Он этого не рассказывал. Просто стоял у гамака, в своих чистых непарных одеждах, собранный и серьезный, кратко и спокойно отвечая «да» или «нет» на вопросы Варнера, пока в голове вереницей проносились скомканные обрывки совсем уже ненужных воспоминаний о том, что было и кончилось, осталось позади и никакого значения не имеет, подобно всей той осени, тоже мелькнувшей как во сне, свернувшейся, сжатой в комок. В ледяной чердачной комнате он вставал в четыре утра, растапливал печки в пяти домах пятерых преподавателей и возвращался кормить и доить скотину. Потом лекции, ученость и мудрость, по капле выделенная из всего, во что когда-либо проникала человеческая мысль, — сами увитые плющом стены, аудитории, строгие как монастырские залы, напоены ею, сочатся в изобилии, только вбирай, впитывай сколько хочешь, сколько позволят способности и жажда знаний; вечером тренировки (вскоре ему разрешили через день пропускать их, и освободившимися вечерами он сгребал листья на пяти дворах), а еще надо наносить угля и дров, чтобы было чем назавтра топить печки. Потом опять корова, а потом, в пальто, которое дал ему тренер, с лампой сидеть за книжками в своей чердачной неотапливаемой клетушке, пока не заснешь прямо над страницей. И так пять дней, по нарастающей, вплоть до субботней кульминации: перебегать с этой никчемной, дурацкой дыней в руках через бессмысленное мельтешение белых линий. И все же в эти-то как раз секунды, при всем своем презрении, при всем закоснелом скептицизме и преданности суровому спартанскому наследию, — в эти-то секунды он и жил, неистовый и свободный, попирая ногами землю, весь в скорости, среди ударов, хриплого дыхания и хватких рук, подстегиваемый переменчивым ревом набитых битком трибун, но даже и тут сохранял язвительно-недоверчивое выражение лица. Еще эти башмаки…
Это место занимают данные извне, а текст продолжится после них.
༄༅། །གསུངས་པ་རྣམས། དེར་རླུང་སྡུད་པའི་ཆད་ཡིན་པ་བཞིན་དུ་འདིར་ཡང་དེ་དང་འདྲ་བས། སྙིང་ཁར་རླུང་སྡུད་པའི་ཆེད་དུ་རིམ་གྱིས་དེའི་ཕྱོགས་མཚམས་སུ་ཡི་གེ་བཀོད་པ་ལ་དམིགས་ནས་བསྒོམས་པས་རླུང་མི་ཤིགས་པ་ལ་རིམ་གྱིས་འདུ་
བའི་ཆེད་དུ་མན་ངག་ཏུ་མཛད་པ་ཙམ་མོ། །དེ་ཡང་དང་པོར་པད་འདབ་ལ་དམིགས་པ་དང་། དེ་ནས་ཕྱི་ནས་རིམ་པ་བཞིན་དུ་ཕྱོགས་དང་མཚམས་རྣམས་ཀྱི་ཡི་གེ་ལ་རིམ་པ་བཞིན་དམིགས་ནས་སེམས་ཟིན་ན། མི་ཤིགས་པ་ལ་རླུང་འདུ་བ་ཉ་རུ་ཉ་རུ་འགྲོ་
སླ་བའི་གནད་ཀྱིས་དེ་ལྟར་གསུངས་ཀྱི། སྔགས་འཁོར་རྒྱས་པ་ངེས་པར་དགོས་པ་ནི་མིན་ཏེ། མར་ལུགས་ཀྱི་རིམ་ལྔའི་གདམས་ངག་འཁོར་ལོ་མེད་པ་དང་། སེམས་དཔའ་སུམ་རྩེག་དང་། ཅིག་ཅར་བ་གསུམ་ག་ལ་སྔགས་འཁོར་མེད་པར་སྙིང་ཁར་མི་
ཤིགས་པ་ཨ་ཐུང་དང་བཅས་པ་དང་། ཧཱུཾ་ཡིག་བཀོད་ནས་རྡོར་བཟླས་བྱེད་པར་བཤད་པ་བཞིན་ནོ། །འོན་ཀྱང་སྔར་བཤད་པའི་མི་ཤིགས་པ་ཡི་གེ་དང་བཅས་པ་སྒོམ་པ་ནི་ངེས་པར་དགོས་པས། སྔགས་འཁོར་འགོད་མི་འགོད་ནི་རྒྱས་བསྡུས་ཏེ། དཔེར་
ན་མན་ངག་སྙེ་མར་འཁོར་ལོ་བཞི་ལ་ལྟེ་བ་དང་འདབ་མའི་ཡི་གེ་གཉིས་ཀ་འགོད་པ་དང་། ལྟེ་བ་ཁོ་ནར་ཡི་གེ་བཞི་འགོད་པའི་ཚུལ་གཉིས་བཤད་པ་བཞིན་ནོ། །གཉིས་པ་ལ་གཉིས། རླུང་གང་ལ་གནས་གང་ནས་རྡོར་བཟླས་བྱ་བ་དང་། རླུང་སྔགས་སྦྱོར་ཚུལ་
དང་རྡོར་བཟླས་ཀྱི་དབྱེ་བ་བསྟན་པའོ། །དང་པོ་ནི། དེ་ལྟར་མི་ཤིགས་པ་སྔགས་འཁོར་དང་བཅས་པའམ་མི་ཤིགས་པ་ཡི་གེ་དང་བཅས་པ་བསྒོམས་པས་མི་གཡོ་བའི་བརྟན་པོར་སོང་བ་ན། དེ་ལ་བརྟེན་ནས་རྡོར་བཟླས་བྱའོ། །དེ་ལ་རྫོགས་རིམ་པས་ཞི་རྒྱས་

Варнер глядел на него, заложив руки за голову.

— Еще эти башмаки… — вновь заговорил Варнер. «Это потому, что так я и не перестал сомневаться: продлится все это после очередной субботы или не продлится», — мог бы ответить Лэбоув. Но не ответил, просто стоял, спокойно опустив руки, глядя на Варнера. — Их, надо думать, там было всегда навалом?

— Ну, покупали их партиями. Всегда были на любой размер.
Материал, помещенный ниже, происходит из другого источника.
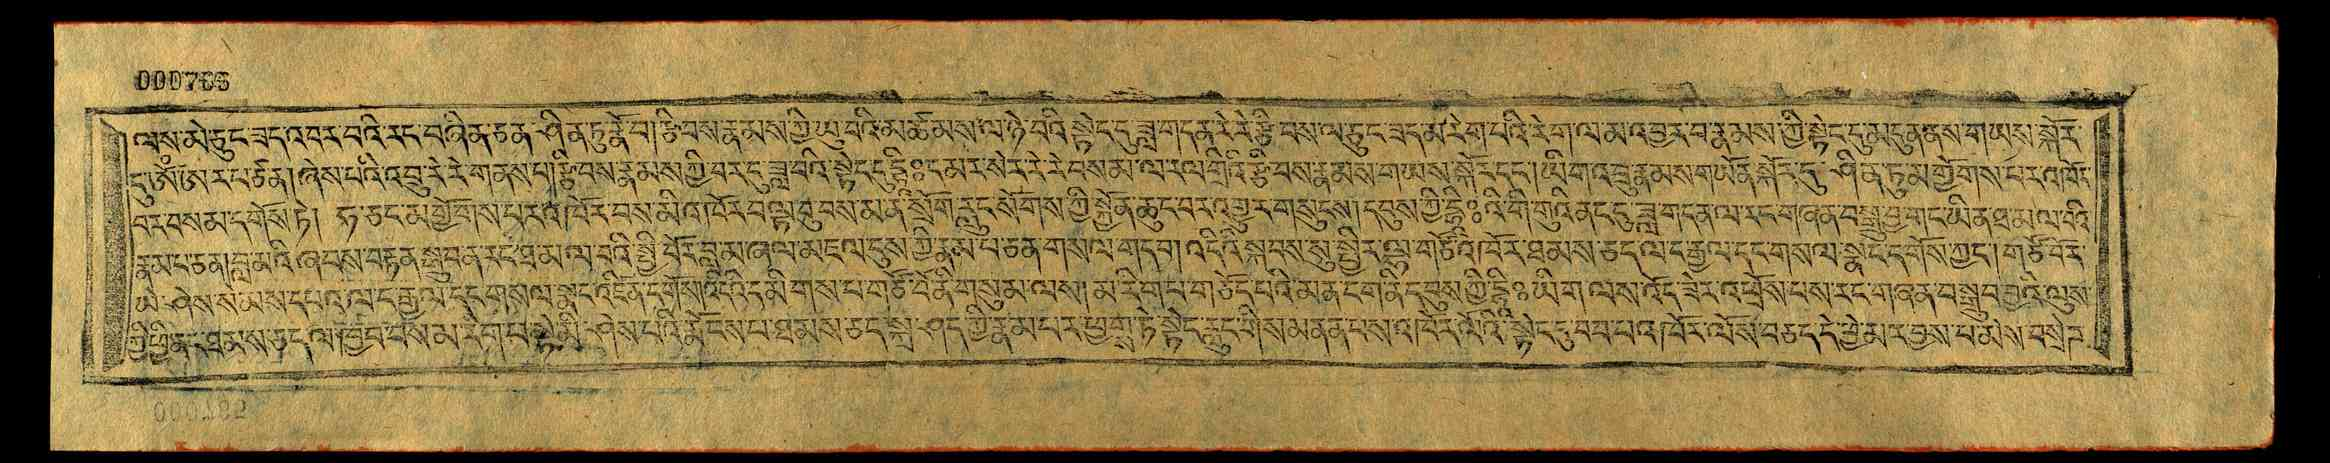ལས་མེ་ཅུང་ཟད་འབར་བའི་རང་བཞིན་ཅན་ཤིན་ཏུ་རྣོ་བ། རྩིབས་རྣམས་ཀྱི་ཡུ་བའི་མཚམས་ལ་ཉེ་བའི་སྟེང་དུ་ཟླ་གདན་རེ་རེ་རྩིབས་ལ་ཅུང་ཟད་མ་རེག་པའི་རེག་ལ་མ་འབྱོར་བ་རྣམས་ཀྱི་སྟེང་དུ་མདུན་ནས་གཡས་སྐོར་
དུ་ཨོཾ་ཨ་ར་པ་ཙ་ན། ཞེས་པའི་འབྲུ་རེ་རེ་གནས་པ། རྩིབས་རྣམས་ཀྱི་བར་དུ་ཟླ་བའི་སྟེང་དུ་དྷཱིཿ དམར་སེར་རེ་རེ་བསམ་ལ་རལ་གྲིའི་རྩིབས་རྣམས་གཡས་སྐོར་དང་། ཡིག་འབྲུ་རྣམས་གཡོན་སྐོར་དུ་ཤིན་ཏུ་མགྱོགས་པར་འཁོར་
བར་བསམ་དགོས་ཏེ། ཧ་ཅང་མགྱོགས་པར་འཁོར་བས་མི་འཁོར་བ་ལྟ་བུ་བསམ་ན་སྲོག་རླུང་སོགས་ཀྱི་སྐྱོན་ཆུང་བར་འགྱུར་གསུངས། དབུས་ཀྱི་དྷཱིཿའི་གི་གུའི་ནང་དུ་ཟླ་གདན་ལ་རང་གཞན་བསྒྲུབ་བྱ་གང་ཡིན་ཐ་མལ་བའི་
རྣམ་པ་ཅན། བླ་མའི་ཞབས་བརྟན་སྒྲུབ་ན་རང་ཐ་མལ་བའི་སྤྱི་བོར་བླ་མ་ཞལ་མཇལ་དུས་ཀྱི་རྣམ་པ་ཅན་གསལ་གདབ། འདིའི་སྐབས་སུ་སྤྱིར་ལྷ་གཙོ་འཁོར་ཐམས་ཅད་ལ་ང་རྒྱལ་དང་གསལ་སྣང་དགོས་ཀྱང་། གཙོ་བོར་
ཡེ་ཤེས་སེམས་དཔའ་ལ་ང་རྒྱལ་དང་གསལ་སྣང་འཛིན་དགོས། འདིའི་དམིགས་པ་གཙོ་བོ་ནི་གསུམ་ལས། མ་རིག་པ་གཅོད་པའི་མན་ངག་ནི་དབུས་ཀྱི་དྷཱིཿ ཡིག་ལས་འོད་ཟེར་འཕྲོས་པས་རང་གཞན་བསྒྲུབ་བྱའི་ལུས་
ཀྱི་ཕྱི་ནང་ཐམས་ཅད་ལ་ཁྱབ་པས་མ་རིག་པ་སྟེ་མི་ཤེས་པའི་རྨོངས་པ་ཐམས་ཅད་སྐྲ་ཤད་ཀྱི་རྣམ་པར་ཕྱགས་ཏེ་སྟེང་རླུང་གིས་མནན་པས་འཁོར་ལོའི་སྟེང་དུ་བབ་པ་འཁོར་ལོས་བཅད་དེ་ཕྱེ་མར་བྱས་པ་མེས་བསྲེགས་

— Во-во, — подхватил Варнер. — Надо думать, всего-то и требовалось — сказать, жмет, мол, старая пара или, там, потерялась…

Лэбоув не отвел взгляда. Стоял, спокойно глядя в глаза человеку в гамаке.

— Я знаю, сколько стоят бутсы. А вот от тренера я все добивался, что с них проку. Для университета. Что проку с гола. С выигрыша.

— Понятно, Новую пару вы брали, только когда выигрывали. И домой прислали пять пар. Сколько раз вы играли?

— Семь, — сказал Лэбоув. — Из них один раз никто не выиграл.

— Понятно, — повторил Варнер. — Что ж, вам, надо думать, домой пора, выйти хоть засветло… А лошадь я вам подыщу, к ноябрю-то.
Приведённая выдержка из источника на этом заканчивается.